Alternativas para reduzir o analfabetismo funcional no Brasil
Enviada em 30/10/2019
Segundo dados do IBGE, divulgado em 2018, o Brasil tem cerca de 11,3 milhões de pessoas analfabetas. Além desse grave problema, há, também, o analfabetismo funcional que é caracterizado por indivíduos que sabem ler e escrever, mas não compreendem plenamente o significado de textos verbais e não-verbais. Desse modo, faz-se necessário buscar alternativas por meio da educação escolar e da família para atenuar a problemática.
Primeiramente, vale destacar o problema que há na educação básica, visto que grande parte dos egressos do ensino médio não são capazes de interpretar informações . Hodiernamente, essa situação ficou evidente pelo resultado do ENEM 2018, na prova de redação, no qual de 72,3% dos estudantes , cerca de 6 milhões de jovens e adultos, tiveram uma nota inferior a 600 pontos em uma avaliação de 0 a 1000, que avalia a capacidade de leitura e produção textual, de acordo com o INEP. Esse cenário mostra a gravidade da problemática, pois, o analfabetismo funcional afeta não só aspectos do desenvolvimento intelectual, pessoal e profissional do indivíduo, como também a capacidade de compreender aspectos sociais, políticos e econômicos da sociedade . Assim, é preciso observar as raízes do ensino para melhorar a educação básica e diminuir os índices noticiados na mídia nacional.
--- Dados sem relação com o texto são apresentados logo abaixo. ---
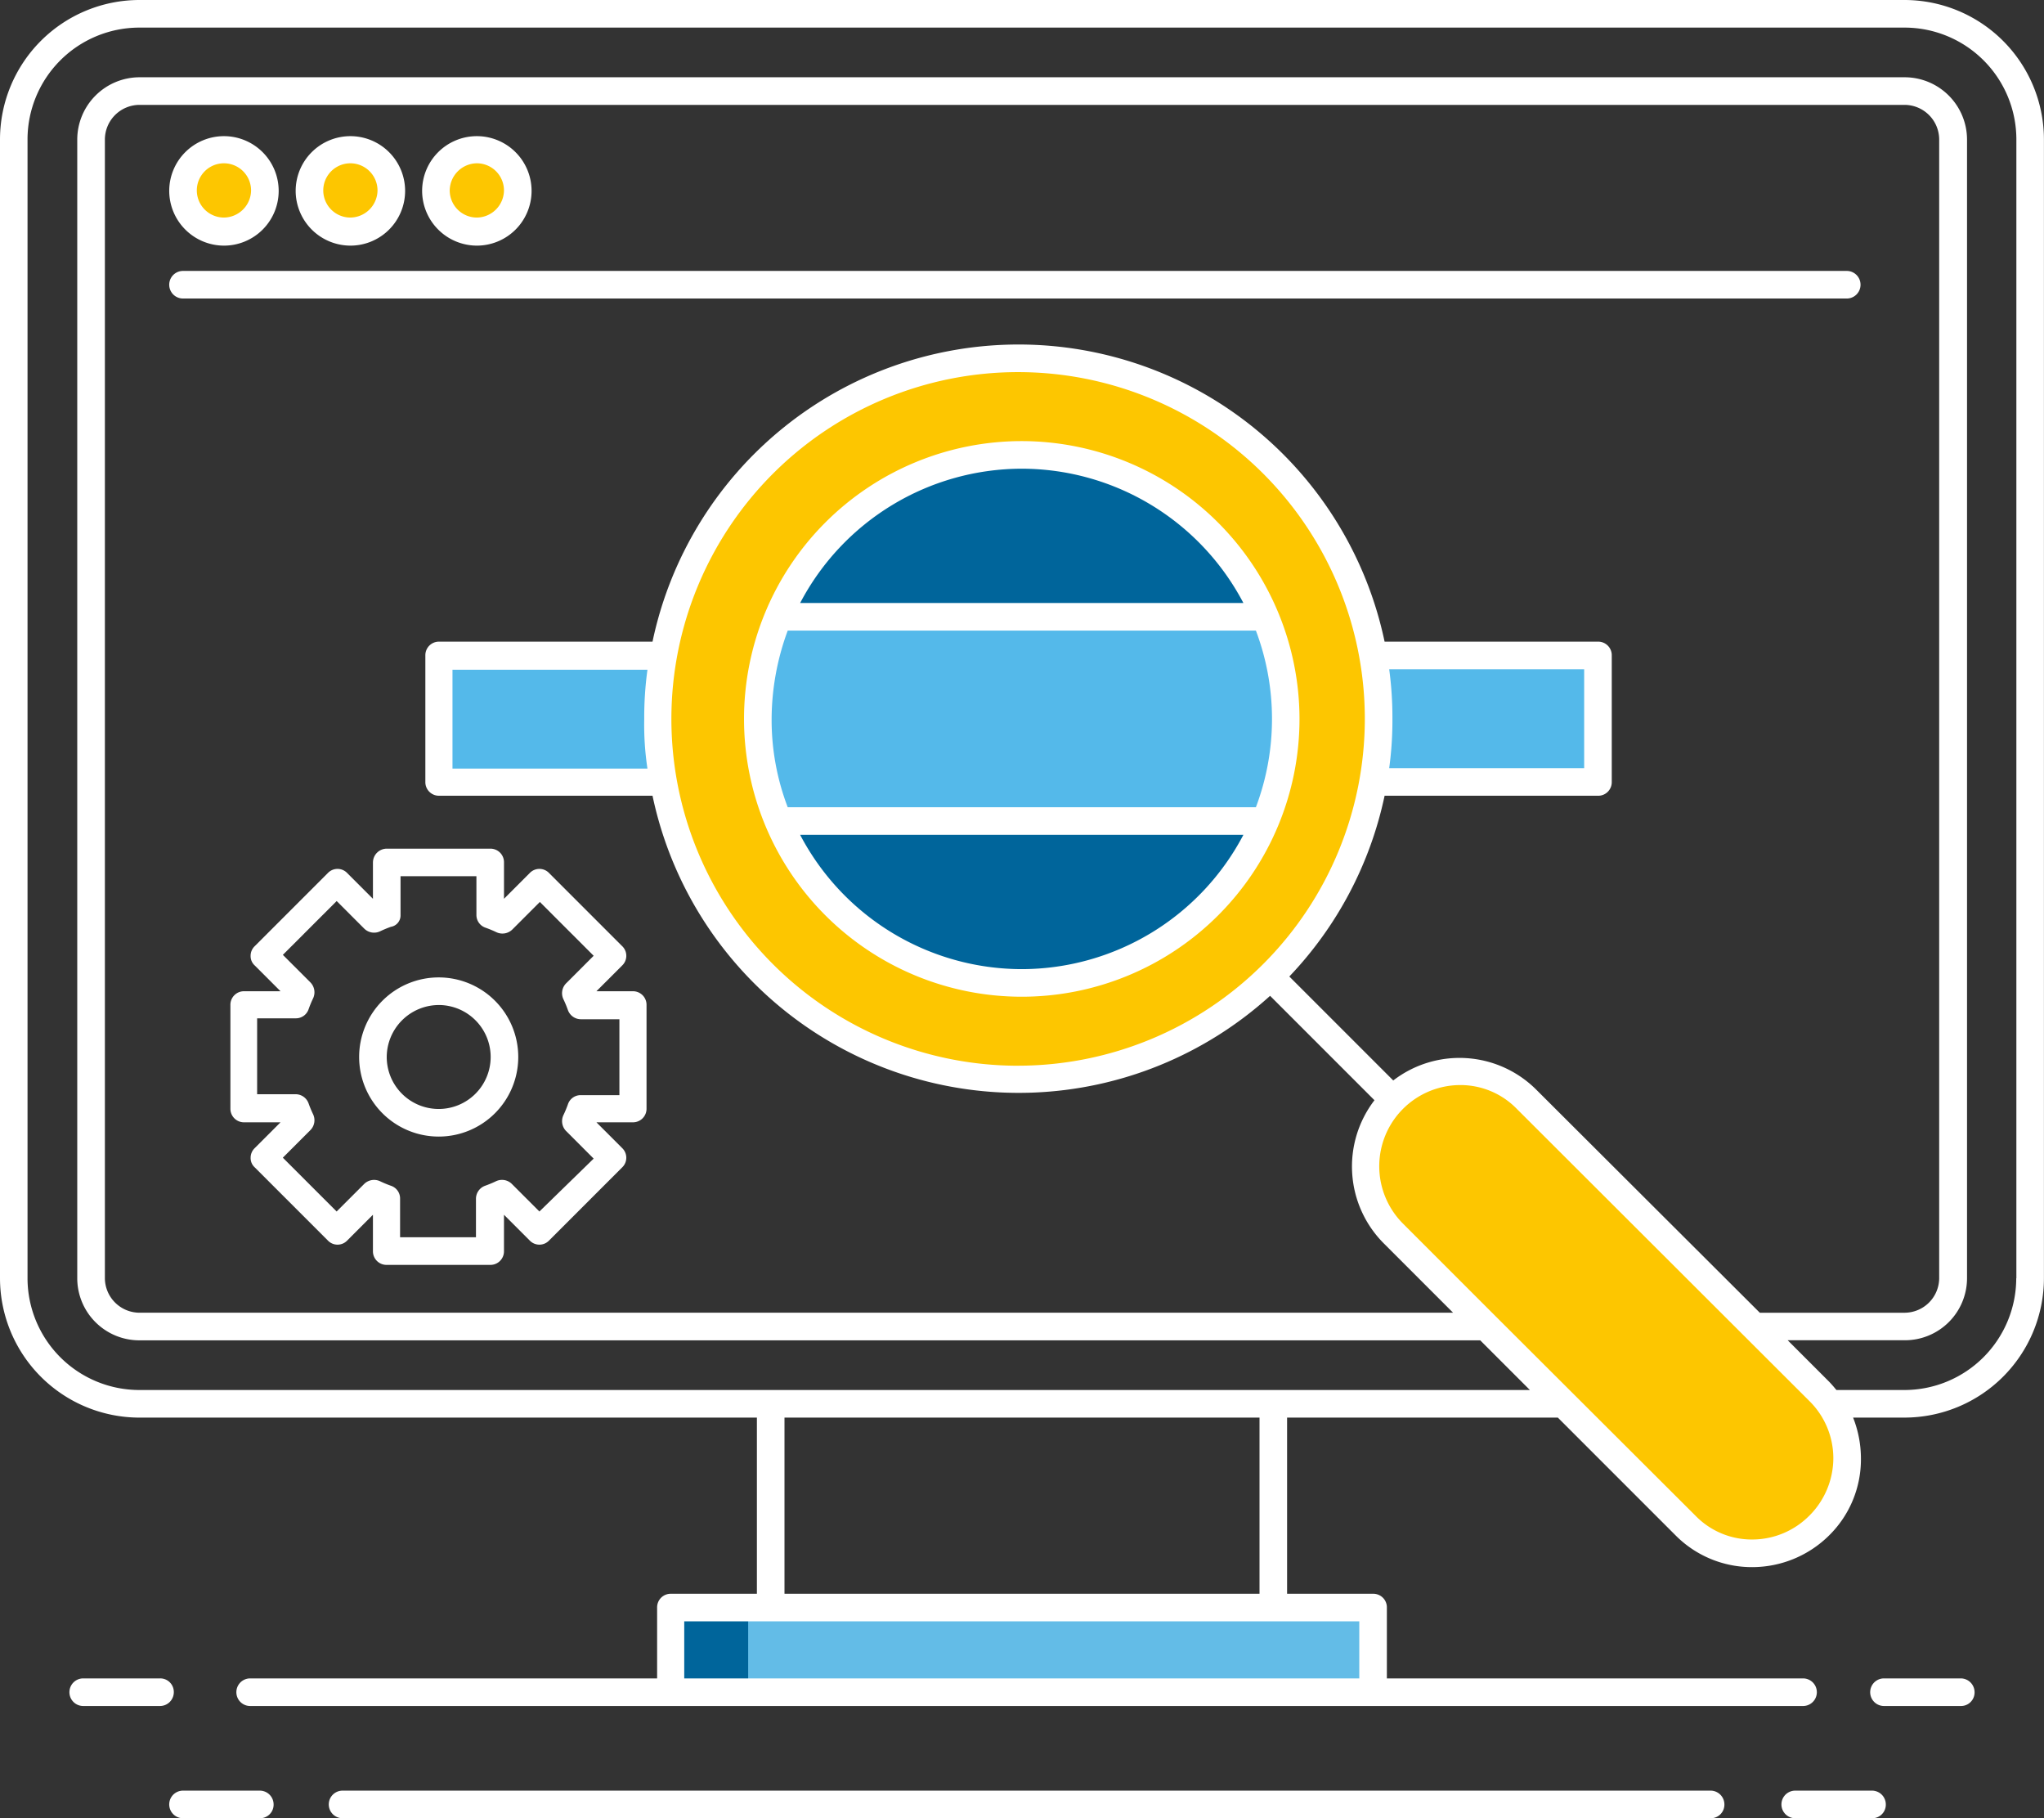 <svg height="108.756" viewBox="0 0 122.292 108.756" width="122.292" xmlns="http://www.w3.org/2000/svg"><rect x="0" y="0" width="122.292" height="108.756" fill="#333333" stroke="none"/><path d="m281.8 186.1h69.359v7.566h-69.359z" fill="#54b9ea" transform="translate(-255.553 -146.895)"/><circle cx="60.913" cy="43.002" fill="#fdc600" r="21.57"/><path d="m332.2 393.1h42.039v5.062h-42.039z" fill="#63bce7" transform="translate(-292.087 -296.944)"/><path d="m332.2 393.1h4.65v5.062h-4.65z" fill="#00659b" transform="translate(-292.087 -296.944)"/><circle cx="61.132" cy="43.002" fill="#00659b" r="15.792"/><path d="m231.1 78.647a2.449 2.449 0 1 1 -2.449-2.449 2.419 2.419 0 0 1 2.449 2.449z" fill="#fdc600" transform="translate(-215.25 -67.229)"/><path d="m258.7 78.647a2.449 2.449 0 1 1 -2.449-2.449 2.419 2.419 0 0 1 2.449 2.449z" fill="#fdc600" transform="translate(-235.257 -67.229)"/><path d="m286.2 78.647a2.449 2.449 0 1 1 -2.449-2.449 2.419 2.419 0 0 1 2.449 2.449z" fill="#fdc600" transform="translate(-255.191 -67.229)"/><path d="m382.857 183.808a16.015 16.015 0 0 1 -1.211 6.108h-29.135a15.511 15.511 0 0 1 -1.211-6.108 16.015 16.015 0 0 1 1.211-6.108h29.136a16.015 16.015 0 0 1 1.211 6.108z" fill="#54b9ea" transform="translate(-305.932 -140.806)"/><path d="m510.455 295.721a5.661 5.661 0 1 1 -8.006 8.006l-17.5-17.47a5.661 5.661 0 0 1 8.006-8.006z" fill="#fdc600" transform="translate(-401.616 -212.496)"/><path d="m508.722 304.983a5.688 5.688 0 0 1 -6.328-1.156l-17.5-17.47a5.654 5.654 0 0 1 3.989-9.657 5.758 5.758 0 0 1 2.339.5 5.723 5.723 0 0 0 -1.678 1.156 5.629 5.629 0 0 0 0 8.006l17.5 17.47a5.724 5.724 0 0 0 1.678 1.156z" fill="#fdc600" transform="translate(-401.562 -212.569)"/><g fill="#fff"><path d="m300.356 43.6h-105.62a8.348 8.348 0 0 0 -8.336 8.336v68.121a8.348 8.348 0 0 0 8.336 8.336h36.949v10.537h-5.145a.811.811 0 0 0 -.825.825v4.237h-24.348a.825.825 0 0 0 0 1.651h92.909a.825.825 0 1 0 0-1.651h-24.9v-4.237a.811.811 0 0 0 -.825-.825h-5.145v-10.537h16.2l7.043 7.043a6.428 6.428 0 0 0 4.595 1.9 6.544 6.544 0 0 0 4.595-1.9 6.382 6.382 0 0 0 1.9-4.595 6.682 6.682 0 0 0 -.468-2.449h3.081a8.348 8.348 0 0 0 8.336-8.336v-68.12a8.348 8.348 0 0 0 -8.336-8.336zm-32.63 100.392h-40.388v-3.412h40.388zm-5.97-5.062h-28.42v-10.537h28.42zm32.9-4.677a4.81 4.81 0 0 1 -3.412 1.431 4.7 4.7 0 0 1 -3.412-1.431l-11.913-11.885-.028-.028-5.557-5.557a4.856 4.856 0 0 1 3.411-8.281 4.7 4.7 0 0 1 3.412 1.431l17.5 17.47a4.81 4.81 0 0 1 1.431 3.412 4.874 4.874 0 0 1 -1.431 3.439zm-16.342-25.476a6.5 6.5 0 0 0 -8.556-.55l-6.218-6.218a22.371 22.371 0 0 0 5.7-10.812h12.766a.811.811 0 0 0 .825-.825v-7.567a.811.811 0 0 0 -.825-.825h-12.766a22.379 22.379 0 0 0 -43.8 0h-12.766a.811.811 0 0 0 -.825.825v7.566a.811.811 0 0 0 .825.825h12.766a22.389 22.389 0 0 0 36.949 11.968l6.245 6.245a6.51 6.51 0 0 0 .55 8.556l4.154 4.154h-78.6a2.078 2.078 0 0 1 -2.063-2.063v-68.12a2.078 2.078 0 0 1 2.063-2.063h105.62a2.078 2.078 0 0 1 2.063 2.063v68.121a2.078 2.078 0 0 1 -2.063 2.063h-8.668zm-31.006-1.431a20.744 20.744 0 1 1 20.749-20.746 20.759 20.759 0 0 1 -20.744 20.744zm22.2-23.716h11.672v5.915h-11.665a21.011 21.011 0 0 0 .193-2.971 21.441 21.441 0 0 0 -.193-2.944zm-44.377 5.943h-11.659v-5.915h11.665a21.006 21.006 0 0 0 -.193 2.971 17.452 17.452 0 0 0 .193 2.944zm81.9 30.484a6.693 6.693 0 0 1 -6.686 6.685h-4.072c-.138-.165-.275-.33-.44-.5l-2.476-2.476h7.016a3.716 3.716 0 0 0 3.714-3.714v-68.116a3.734 3.734 0 0 0 -3.714-3.714h-105.637a3.734 3.734 0 0 0 -3.714 3.714v68.121a3.716 3.716 0 0 0 3.714 3.714h80.226l2.971 2.971h-83.2a6.693 6.693 0 0 1 -6.686-6.685v-68.121a6.693 6.693 0 0 1 6.686-6.685h105.62a6.693 6.693 0 0 1 6.686 6.685v68.121z" transform="translate(-186.4 -43.6)"/><path d="m207.745 409.325a.811.811 0 0 0 -.825-.825h-4.595a.825.825 0 0 0 0 1.651h4.595a.828.828 0 0 0 .825-.826z" transform="translate(-197.346 -308.108)"/><path d="m598.52 408.5h-4.595a.825.825 0 1 0 0 1.651h4.595a.811.811 0 0 0 .825-.825.828.828 0 0 0 -.825-.826z" transform="translate(-481.207 -308.108)"/><path d="m340.575 432.9h-81.85a.825.825 0 0 0 0 1.651h81.849a.811.811 0 0 0 .825-.825.828.828 0 0 0 -.824-.826z" transform="translate(-238.229 -325.795)"/><path d="m228.62 432.9h-4.595a.825.825 0 0 0 0 1.651h4.595a.811.811 0 0 0 .825-.825.828.828 0 0 0 -.825-.826z" transform="translate(-213.075 -325.795)"/><path d="m579.22 432.9h-4.595a.825.825 0 1 0 0 1.651h4.595a.811.811 0 0 0 .825-.825.828.828 0 0 0 -.825-.826z" transform="translate(-467.217 -325.795)"/><path d="m226.474 79.748a3.274 3.274 0 1 0 -3.274-3.274 3.282 3.282 0 0 0 3.274 3.274zm0-4.925a1.626 1.626 0 0 1 1.623 1.623 1.644 1.644 0 0 1 -1.623 1.623 1.623 1.623 0 1 1 0-3.246z" transform="translate(-213.075 -65.056)"/><path d="m253.974 79.748a3.274 3.274 0 1 0 -3.274-3.274 3.282 3.282 0 0 0 3.274 3.274zm0-4.925a1.626 1.626 0 0 1 1.623 1.623 1.644 1.644 0 0 1 -1.623 1.623 1.623 1.623 0 1 1 0-3.246z" transform="translate(-233.01 -65.056)"/><path d="m281.474 79.748a3.274 3.274 0 1 0 -3.274-3.274 3.282 3.282 0 0 0 3.274 3.274zm0-4.925a1.626 1.626 0 0 1 1.623 1.623 1.644 1.644 0 0 1 -1.623 1.623 1.626 1.626 0 0 1 -1.623-1.623 1.644 1.644 0 0 1 1.623-1.623z" transform="translate(-252.944 -65.056)"/><path d="m323.565 102.5h-99.54a.825.825 0 0 0 0 1.651h99.54a.825.825 0 1 0 0-1.651z" transform="translate(-213.075 -86.295)"/><path d="m245.029 228.925v2.175l-1.541-1.541a.8.8 0 0 0 -1.156 0l-4.374 4.374a.792.792 0 0 0 -.248.578.749.749 0 0 0 .248.578l1.541 1.541h-2.173a.811.811 0 0 0 -.825.825v6.19a.811.811 0 0 0 .825.825h2.174l-1.541 1.541a.792.792 0 0 0 -.248.578.749.749 0 0 0 .248.578l4.374 4.374a.8.8 0 0 0 1.156 0l1.54-1.541v2.173a.811.811 0 0 0 .825.825h6.19a.811.811 0 0 0 .825-.825v-2.173l1.541 1.541a.8.8 0 0 0 1.156 0l4.374-4.374a.8.8 0 0 0 0-1.156l-1.54-1.541h2.173a.811.811 0 0 0 .825-.825v-6.19a.811.811 0 0 0 -.825-.825h-2.173l1.541-1.541a.8.8 0 0 0 0-1.156l-4.374-4.374a.8.8 0 0 0 -1.156 0l-1.541 1.541v-2.173a.811.811 0 0 0 -.825-.825h-6.19a.828.828 0 0 0 -.825.825zm1.651 3.136v-2.311h4.54v2.311a.8.8 0 0 0 .55.77 6.719 6.719 0 0 1 .66.275.846.846 0 0 0 .935-.165l1.651-1.651 3.219 3.219-1.651 1.651a.838.838 0 0 0 -.165.935 6.726 6.726 0 0 1 .275.66.828.828 0 0 0 .77.55h2.311v4.54h-2.311a.8.8 0 0 0 -.77.55 6.725 6.725 0 0 1 -.275.66.846.846 0 0 0 .165.935l1.651 1.651-3.246 3.164-1.651-1.651a.838.838 0 0 0 -.935-.165 6.72 6.72 0 0 1 -.66.275.828.828 0 0 0 -.55.77v2.311h-4.54v-2.311a.8.8 0 0 0 -.55-.77 6.72 6.72 0 0 1 -.66-.275.846.846 0 0 0 -.935.165l-1.651 1.651-3.219-3.219 1.651-1.651a.838.838 0 0 0 .165-.935 6.725 6.725 0 0 1 -.275-.66.828.828 0 0 0 -.77-.55h-2.309v-4.54h2.311a.8.8 0 0 0 .77-.55 6.724 6.724 0 0 1 .275-.66.846.846 0 0 0 -.165-.935l-1.651-1.651 3.219-3.219 1.651 1.651a.838.838 0 0 0 .935.165 6.72 6.72 0 0 1 .66-.275.689.689 0 0 0 .575-.714z" transform="translate(-222.716 -177.34)"/><path d="m269.26 265.619a4.76 4.76 0 1 0 -4.76-4.76 4.761 4.761 0 0 0 4.76 4.76zm0-7.869a3.109 3.109 0 1 1 -3.109 3.109 3.123 3.123 0 0 1 3.109-3.108z" transform="translate(-243.013 -197.636)"/><path d="m364.817 139.5a16.617 16.617 0 1 0 16.617 16.617 16.638 16.638 0 0 0 -16.617-16.617zm0 1.651a15 15 0 0 1 13.261 8.034h-26.521a15 15 0 0 1 13.261-8.034zm-14 9.684h28.008a14.97 14.97 0 0 1 0 10.565h-28.011a14.638 14.638 0 0 1 -.963-5.282 15.371 15.371 0 0 1 .963-5.282zm14 20.249a15 15 0 0 1 -13.261-8.034h26.522a15 15 0 0 1 -13.261 8.034z" transform="translate(-303.685 -113.116)"/></g></svg>

Ademais, segundo a escritora norte-americana Ellen White, em seu livro Educação, não só a leitura e a escrita, mas também a criticidade deve ser ensinada na mais tenra infância no seio familiar para que sejam formados adultos capazes de argumentar e opinar sobre fatos e notícias. Nessa perspectiva, torna-se evidente o papel dos pais e responsáveis como formadores de crianças com hábitos de leitura, escrita e opiniões próprias sobre os demais assuntos da vida cotidiana. Outrossim, essa postura confirma o pensamento do filósofo Francis Bacon o qual diz que “a leitura torna o homem completo; a conversação torna-o ágil; e o escrever dá-lhe precisão”. Nesse sentido, é imprescindível o papel da família no processo de iniciação e acompanhamento dos infantes na diminuição do problema social. Portanto, educação básica e a família são alternativas para reduzir o impasse do analfabetismo funcional no Brasil. Logo, a escola, através dos professores, pedagogos e psicólogos, deve estimular a criticidade, por meio do questionamento dos conteúdos lidos e debatidos em sala de aula para que as crianças e jovens se tornem adultos críticos com capacidade de usar a linguagem e informações de forma plena. Além disso, cabe a família acompanhar os filhos, os adultos devem estimular o diálogo e analise de assuntos do cotidiano, por meio de leitura de livros, informações das mídias sociais e jornais de TV, a fim de assegurar a integral formação deles. Desta forma, construir-se-á uma sociedade com um número cada vez menor de pessoas em situação de analfabetismo.